Его стали уговаривать, дали ему ещё стакан вина, и он вышел.
Успех был колоссальный. Молодёжь узнала свой марш, своего музыканта и своего певца, встала с мест и зашумела.
— Теперь я пойду! — сказал Вендт и подтянулся.
— Да и я, пожалуй, выступлю со своим номером, — сказал Хольм.
— Apres moi! — сказал Вендт. Он был в отличнейшем, настроении, просто неподражаем.
— О боже! — шептала почтмейстерша, когда он вышел, — он спугнёт всех слушателей.

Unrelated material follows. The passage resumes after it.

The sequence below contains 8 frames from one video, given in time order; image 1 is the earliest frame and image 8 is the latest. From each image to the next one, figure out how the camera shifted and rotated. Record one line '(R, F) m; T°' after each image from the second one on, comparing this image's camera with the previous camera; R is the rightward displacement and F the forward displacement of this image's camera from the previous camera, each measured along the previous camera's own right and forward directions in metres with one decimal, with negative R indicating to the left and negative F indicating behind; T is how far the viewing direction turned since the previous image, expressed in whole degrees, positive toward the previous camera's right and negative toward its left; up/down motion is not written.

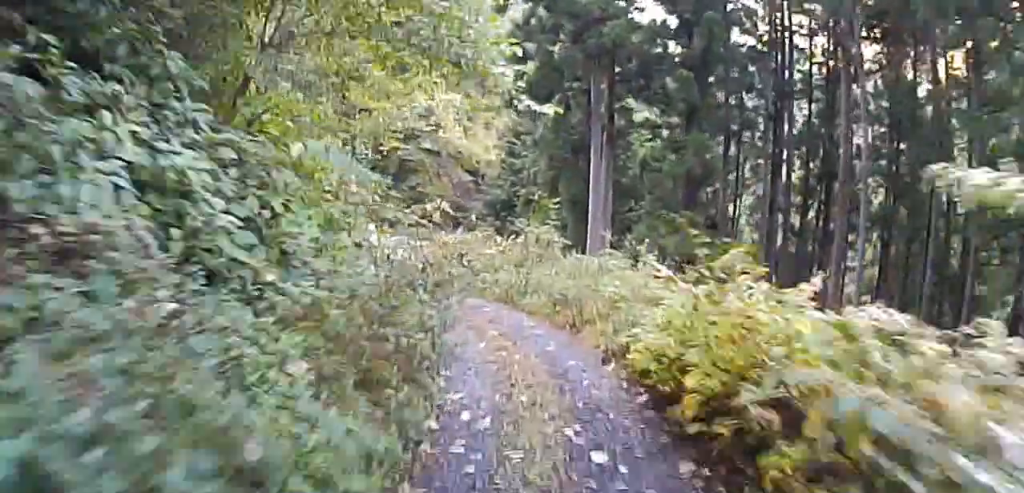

Они услыхали, как он запел «Je suis a vous, madame». В самом деле, он запел. Во всяком случае Гордон Тидеман в зале понял текст, но мотива, пожалуй, никто не заловил. Голос же то и дело обрывался, порой он звучал, как хорошо-обмотанная басовая струна, но потом вдруг срывался и напоминал тогда дребезжание медной проволоки. Нужно же было суметь поднести что-то до того несуразное! Сам Вендт не заметил за собой ничего плохого, он пел как ни в чём не бывало, а когда кончил, ему захлопали. И он вполне искренно принял это за поощрение. Они хлопали, вероятно, потому, что хотели показать, что понимают по-французски, хотя французский язык и считался у них языком слуг и лакеев. Он поблагодарил и, очень гордый, вернулся к своим товарищам и с той минуты стал вообще держаться очень независимо.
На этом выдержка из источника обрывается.